The Actual Movie Begins At 1:34:11

After an hour and a half, when most movies are winding up act three, we’re just. getting. started. And THEN it becomes one of the greatest horror movies ever made! Behold, in flabbergasted awe, that we still give this tenacious prick of a movie a 7/10. The first hour and a quarter can be replaced by “Once upon a time there was this girl who acted weird, and all the doctors her mommy took her to couldn’t help, then a doctor recommended ExorcismD (™).” Fast forward blrghllrgrrlllblblbl! But it’s everything that comes after that makes this one of the top referenced movies in all horror.

The iconic demon possession part itself is so gripping, so other-worldly, that it drills itself into your memory, especially if you saw it as a kid. It’s that constant plume of frosty breath everyone’s exhaling - the bedroom was built inside a freezer, reportedly. It’s the unnatural way things in the room move, the make-up, the guttural growl of the demon voice. It’s the gloppy gloop she keeps barfing and the writing on her stomach. It’s the clever mind games the demon plays, even with a contemporary sense of humor “Your mother’s in here with us. Would you like to leave a message?”

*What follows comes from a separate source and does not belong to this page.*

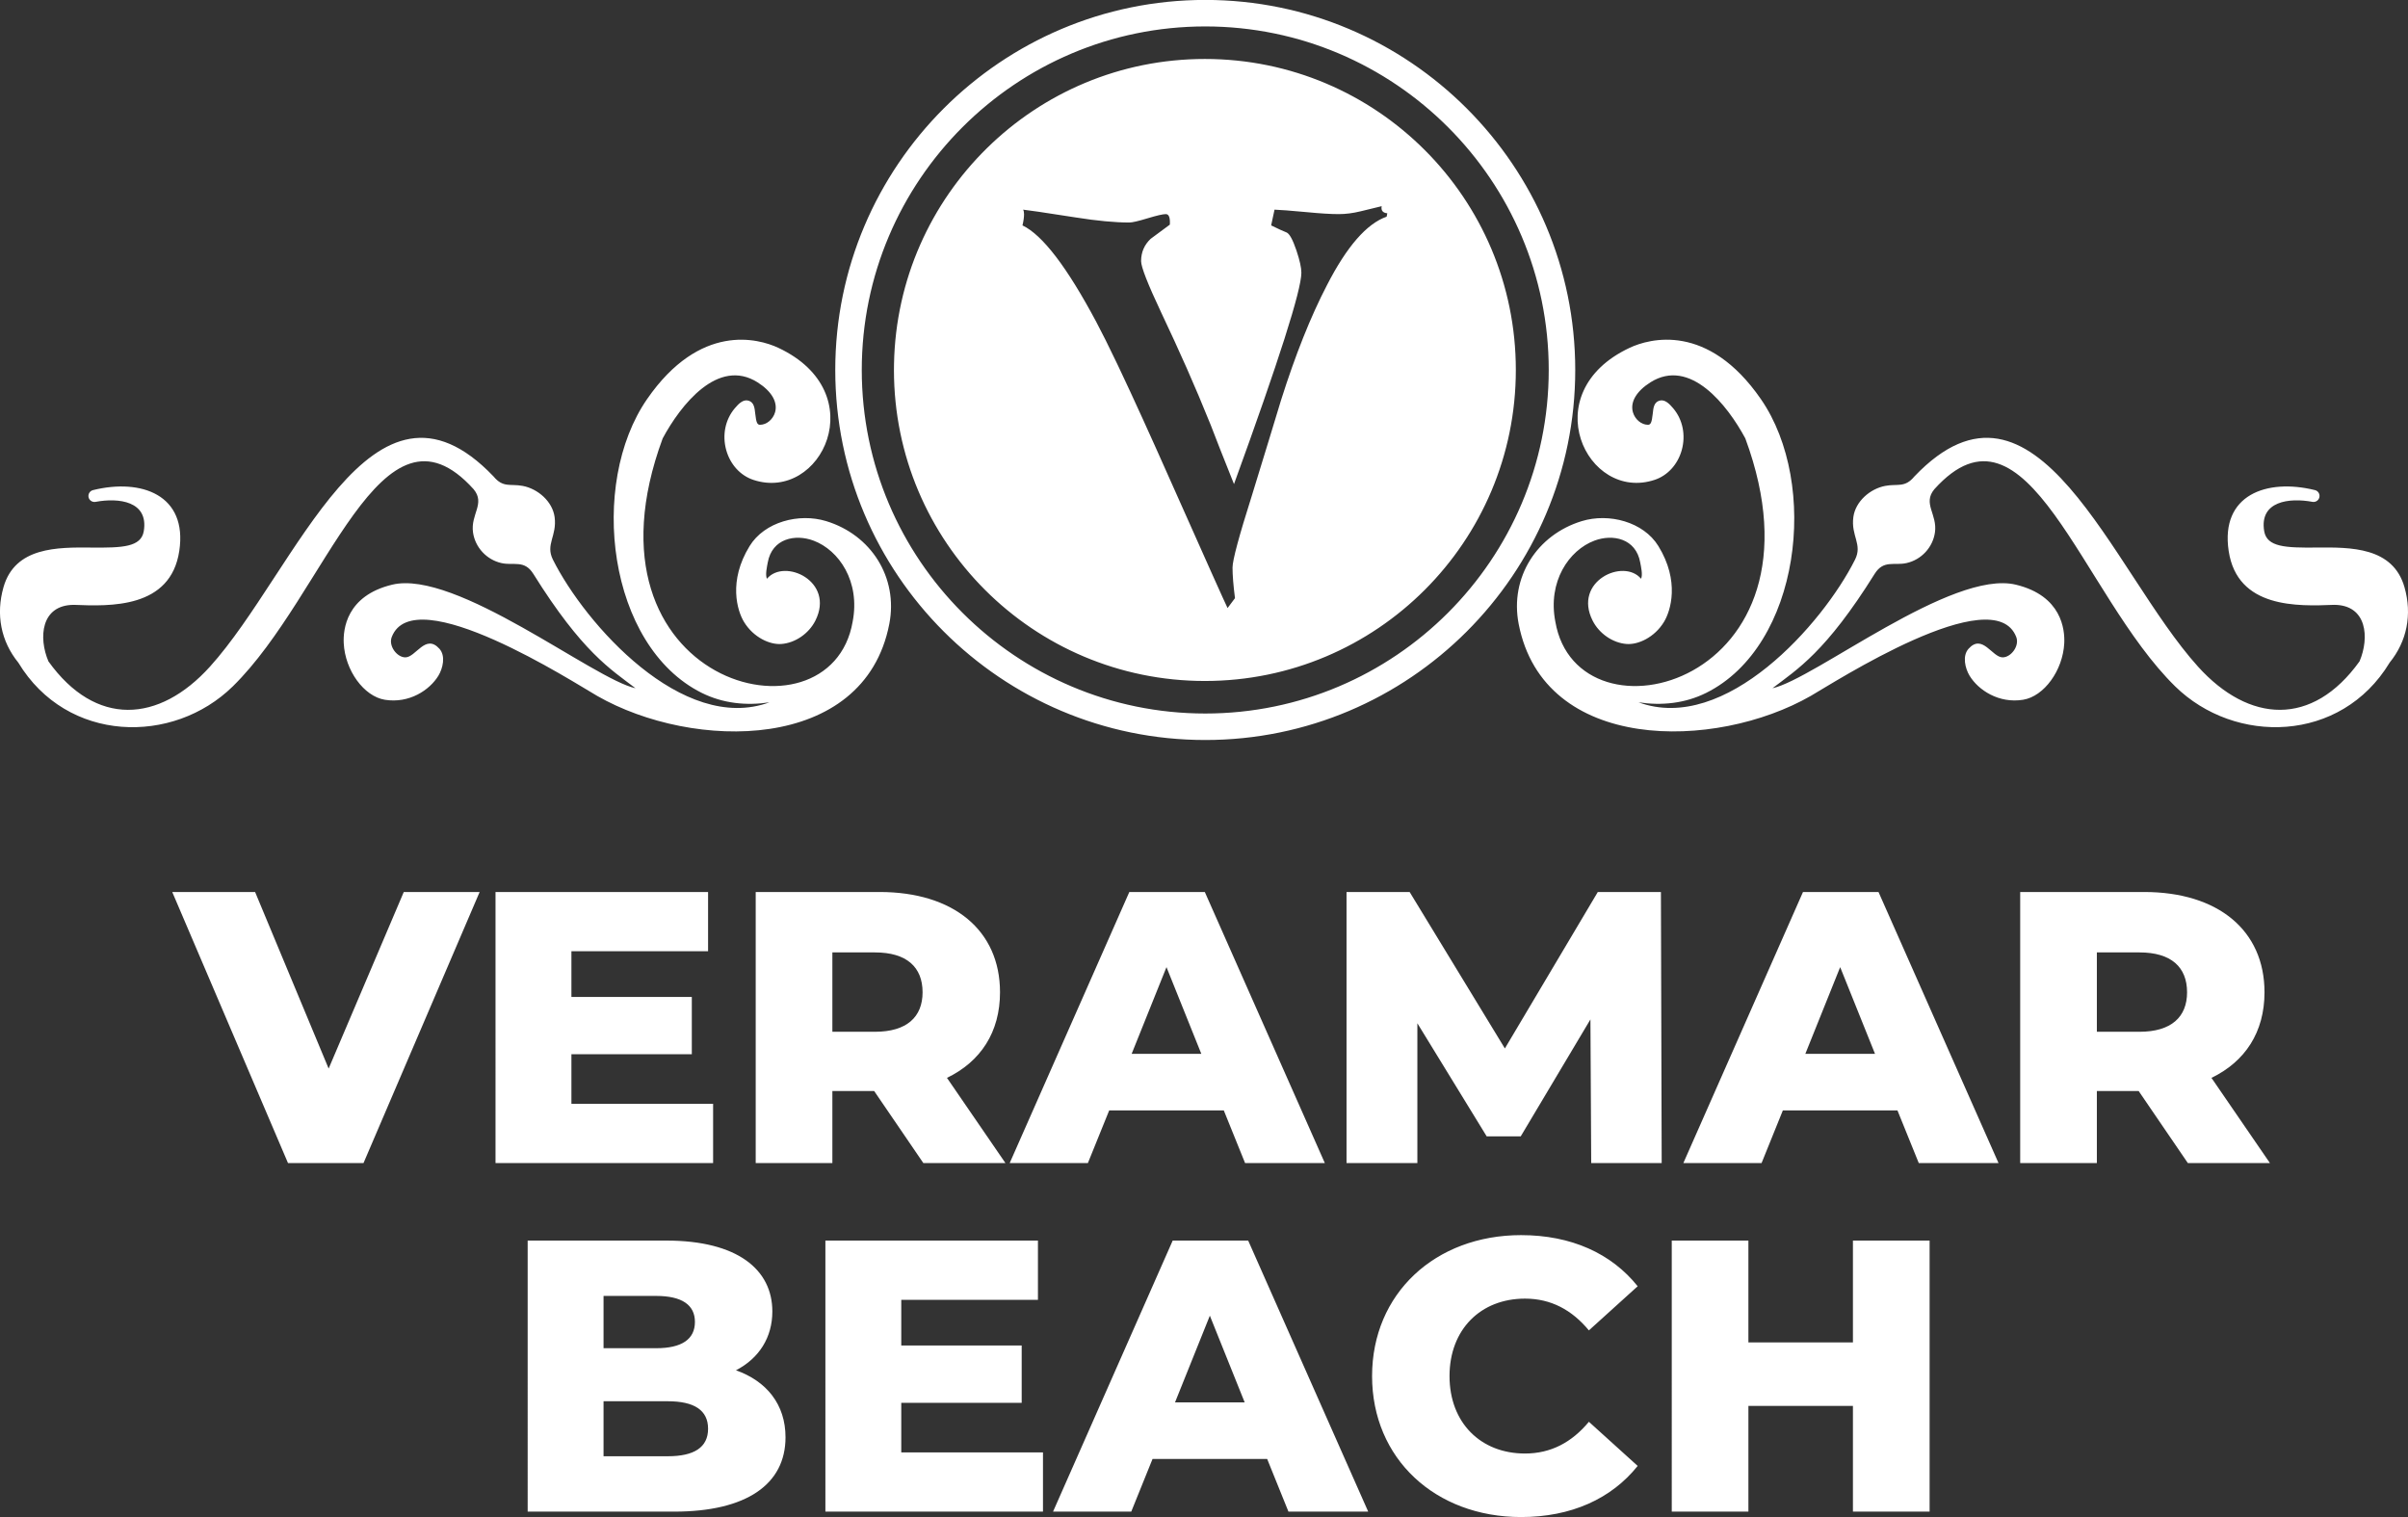 <svg xmlns="http://www.w3.org/2000/svg" width="100" height="63">
    <rect width="100%" height="100%" fill="#333333" stroke="none"/>
    <path fill="#FFF" fill-rule="evenodd" d="M99.236 27.521c-2.025 3.346-6.42 3.421-8.907.982-3.898-3.826-6.142-12.467-10-8.185-.494.598.134 1.037.026 1.793-.088.622-.565 1.135-1.177 1.272-.521.118-.954-.146-1.328.451-2.028 3.248-3.212 3.962-4.242 4.748 1.738-.376 7.454-4.943 10.11-4.3 1.904.461 2.034 1.864 2.007 2.428-.056 1.133-.839 2.21-1.71 2.351-1.01.163-1.86-.403-2.222-.999-.182-.301-.311-.822-.042-1.12.581-.642.98.363 1.419.358.344-.003.705-.473.561-.846-.925-2.399-7.599 1.912-8.529 2.445-3.976 2.279-11.094 2.373-12.134-2.986-.376-1.937.76-3.702 2.62-4.271 1.13-.346 2.563.029 3.182 1.036.896 1.458.512 2.692.232 3.15-.395.649-1.079.954-1.554.916-.574-.043-1.141-.434-1.411-.974-.818-1.632 1.286-2.603 2.014-1.734.076-.17-.002-.492-.034-.67-.177-1.007-1.144-1.199-1.904-.913-1.056.397-1.946 1.697-1.622 3.365.922 5.353 11.659 2.595 7.889-7.612-.741-1.378-2.296-3.371-3.945-2.325-.579.368-.842.818-.723 1.238.084.296.35.52.618.522.111.003.165-.063.207-.467.023-.228.047-.463.271-.533.226-.071.418.127.579.318.395.466.526 1.114.353 1.736-.167.594-.587 1.055-1.124 1.233-2.821.939-5.007-3.62-1.042-5.482.832-.391 3.253-1.055 5.453 2.129 2.441 3.532 1.643 10.254-2.275 12.202-.88.437-1.845.535-2.807.39 3.606 1.323 7.653-3.255 8.991-5.924.322-.64-.175-.978-.069-1.769.086-.643.688-1.174 1.325-1.295.51-.097.813.091 1.209-.391 5.064-5.31 8.186 3.922 11.78 7.898 2.112 2.338 4.743 2.517 6.707-.22.418-.98.316-2.347-1.06-2.347-1.501.06-4.016.157-4.375-2.24-.349-2.329 1.579-3.019 3.583-2.525.131.031.214.163.185.295-.028.132-.157.217-.289.193-.957-.178-2.209-.035-2.004 1.214.11.669.897.696 2.173.684 1.414-.013 3.173-.029 3.653 1.644.325 1.136.105 2.25-.618 3.137zm-49.184 3.211c-8.473 0-15.365-6.893-15.365-15.367S41.58-.003 50.052-.003c8.472 0 15.365 6.894 15.365 15.368s-6.893 15.367-15.365 15.367zm0-29.634c-7.865 0-14.264 6.4-14.264 14.267 0 7.866 6.399 14.267 14.264 14.267 7.865 0 14.264-6.401 14.264-14.267 0-7.867-6.399-14.267-14.264-14.267zm-.015 27.183c-7.132 0-12.913-5.783-12.913-12.916l.003-.254c.135-7.015 5.863-12.662 12.91-12.662 7.132 0 12.913 5.783 12.913 12.916s-5.781 12.916-12.913 12.916zm7.575-19.423c-.188-.018-.267-.117-.233-.295-.325.079-.615.148-.872.212-.325.079-.626.117-.91.117-.332 0-.776-.027-1.334-.082-.674-.062-1.118-.096-1.334-.103l-.14.654c.297.146.51.242.633.29.126.045.263.298.417.75.137.41.205.718.205.923 0 .729-.934 3.654-2.798 8.78-.472-1.178-.793-1.995-.964-2.447-.672-1.669-1.293-3.058-2.06-4.68-.557-1.181-.834-1.892-.834-2.131 0-.37.133-.678.397-.928.256-.188.523-.383.797-.589.017-.29-.038-.437-.168-.437-.12 0-.373.058-.756.174-.387.117-.636.175-.756.175-.599 0-1.341-.069-2.22-.209-1.334-.209-2.066-.315-2.193-.325.024.041.038.106.038.192 0 .119-.02.273-.065.462.831.396 1.851 1.731 3.065 4.009.23.432.52 1.012.868 1.741l.103.217c.566 1.194 1.278 2.757 2.135 4.69 1.471 3.308 2.254 5.053 2.346 5.234l.308-.411c-.068-.53-.102-.954-.102-1.269 0-.308.27-1.31.807-3.003.54-1.752.941-3.069 1.207-3.949.599-1.892 1.235-3.486 1.912-4.786.821-1.598 1.646-2.546 2.474-2.836l.027-.14zm-26.329 11.07c-.537-.178-.956-.639-1.123-1.233-.174-.622-.042-1.27.352-1.736.161-.191.353-.389.579-.318.224.07.248.305.272.533.042.404.096.47.206.467.269-.002.535-.226.619-.522.118-.42-.145-.87-.723-1.238-1.649-1.046-3.204.947-3.945 2.325-3.77 10.207 6.967 12.965 7.889 7.612.323-1.668-.567-2.968-1.622-3.365-.76-.286-1.727-.094-1.905.913-.031.178-.109.5-.033.67.727-.869 2.832.102 2.014 1.734-.27.54-.838.931-1.412.974-.474.038-1.159-.267-1.554-.916-.279-.458-.664-1.692.233-3.15.618-1.007 2.052-1.382 3.181-1.036 1.86.569 2.996 2.334 2.62 4.271-1.04 5.359-8.157 5.265-12.133 2.986-.931-.533-7.604-4.844-8.529-2.445-.144.373.216.843.561.846.439.005.837-1 1.418-.358.269.298.141.819-.042 1.12-.362.596-1.212 1.162-2.222.999-.871-.141-1.654-1.218-1.709-2.351-.028-.564.102-1.967 2.007-2.428 2.655-.643 8.371 3.924 10.11 4.3-1.031-.786-2.214-1.5-4.242-4.748-.374-.597-.808-.333-1.329-.451-.611-.137-1.088-.65-1.177-1.272-.107-.756.52-1.195.026-1.793-3.857-4.282-6.102 4.359-10 8.185-2.486 2.439-6.881 2.364-8.907-.982-.723-.887-.942-2.001-.617-3.137.479-1.673 2.239-1.657 3.652-1.644 1.276.012 2.064-.015 2.174-.684.204-1.249-1.047-1.392-2.004-1.214-.132.024-.261-.061-.29-.193-.028-.132.055-.264.185-.295 2.005-.494 3.932.196 3.583 2.525-.358 2.397-2.874 2.3-4.375 2.24-1.376 0-1.477 1.367-1.059 2.347 1.963 2.737 4.595 2.558 6.707.22 3.593-3.976 6.716-13.208 11.779-7.898.397.482.7.294 1.209.391.638.121 1.239.652 1.326 1.295.105.791-.391 1.129-.07 1.769 1.338 2.669 5.386 7.247 8.991 5.924-.962.145-1.926.047-2.807-.39-3.918-1.948-4.716-8.67-2.275-12.202 2.201-3.184 4.621-2.52 5.454-2.129 3.965 1.862 1.778 6.421-1.043 5.482zM13.648 44.377l3.12-7.333h3.151l-4.823 11.257H11.96L7.153 37.044h3.441l3.054 7.333zm15.757-4.873H23.73v1.898h5v2.38h-5v2.059h5.884v2.46h-9.036V37.044h8.827v2.46zm2.669 14.958c0 1.078-.546 1.946-1.511 2.445 1.27.45 2.058 1.415 2.058 2.782 0 1.946-1.608 3.088-4.63 3.088h-6.078V51.52h5.756c2.958 0 4.405 1.205 4.405 2.942zm-7.01 6.015h2.669c1.094 0 1.672-.37 1.672-1.142 0-.772-.578-1.142-1.672-1.142h-2.669v2.284zm0-6.658v2.171h2.187c1.061 0 1.608-.37 1.608-1.093 0-.708-.547-1.078-1.608-1.078h-2.187zm13.281-5.518l-2.042-2.991h-1.736v2.991h-3.184V37.044h5.145c3.071 0 5.001 1.592 5.001 4.165 0 1.656-.804 2.878-2.203 3.554l2.428 3.538h-3.409zm-2.01-8.748h-1.768v3.296h1.768c1.319 0 1.978-.611 1.978-1.64 0-1.045-.659-1.656-1.978-1.656zm6.769 14.427h-5.676v1.897h5.001v2.381h-5.001v2.058h5.885v2.461h-9.036V51.52h8.827v2.46zm7.718-7.866h-4.759l-.885 2.187h-3.247l4.968-11.257h3.135l4.984 11.257h-3.312l-.884-2.187zm-2.38-5.95l-1.447 3.602h2.894l-1.447-3.602zm3.393 11.356l4.984 11.257h-3.312l-.884-2.188h-4.76l-.884 2.188h-3.248L48.7 51.52h3.135zm-.145 6.721l-1.447-3.602-1.447 3.602h2.894zm11.48-6.947c2.074 0 3.746.756 4.84 2.123l-2.026 1.833c-.708-.852-1.576-1.319-2.653-1.319-1.849 0-3.135 1.287-3.135 3.217 0 1.93 1.286 3.216 3.135 3.216 1.077 0 1.945-.466 2.653-1.318l2.026 1.833c-1.094 1.367-2.766 2.123-4.84 2.123-3.569 0-6.19-2.428-6.19-5.854s2.621-5.854 6.19-5.854zm-7.251-2.993V37.044h2.621l3.955 6.497 3.859-6.497h2.621l.032 11.257H66.08l-.032-5.966-2.894 4.856h-1.415l-2.878-4.695v5.805h-2.942zm22.879-2.187h-4.759l-.884 2.187h-3.248l4.968-11.257h3.136l4.984 11.257h-3.312l-.885-2.187zm-2.379-5.95l-1.447 3.602h2.894l-1.447-3.602zm-3.811 15.585h4.341V51.52h3.184v11.257h-3.184v-4.391h-4.341v4.391h-3.183V51.52h3.183v4.229zm21.433-14.54c0 1.656-.804 2.878-2.203 3.554l2.428 3.538h-3.409l-2.042-2.991h-1.736v2.991h-3.184V37.044h5.145c3.071 0 5.001 1.592 5.001 4.165zm-6.962-1.656v3.296h1.769c1.318 0 1.977-.611 1.977-1.64 0-1.045-.659-1.656-1.977-1.656h-1.769z"/>
</svg>

It is a testament to the talent of all involved that the movie surpasses the overwhelming burden of its crawling start. William Friedkin’s directing is artful, the performance of Ellen Burstyn and Linda Blair are riveting, the effects and especially sound editing were revolutionary for the time and still creep us out today, and the sets and costumes, even the dialog are master-crafted. All through the film, it looks like a solid movie from beginning to end; if you forgive it for being a family medical drama for the first 75 minutes and forget there’s a horror movie coming, it’s even competent at that. For those of you who read William Peter Blatty’s source novel, it even sticks pretty faithfully to that - to a fault, because Blatty takes his dear sweet James A. Michener time getting to the gravy, too.

Special mention should be made of the parenting drama angle, because if you’ve raised a few kids in America, you know that the first answer to any medical problem you try to solve is never the right one. This is what it is like, exactly, to fight and claw your way through the bureaucracy of the public school system and the health care system. You have to slam a few heads into the wall before they’ll finally get you any help at all, even if all your kid has is an ingrown toenail. The desperation and frustration resonates with any parent.

But all anybody remembers of The Exorcist is the last 45 minutes or so. The best way to think of The Exorcist is actually a great 45 minute horror short with a 75 minute tumor on its forehead. That’s a pretty nasty tumor, you should do something about it. Have you tried Valerian root?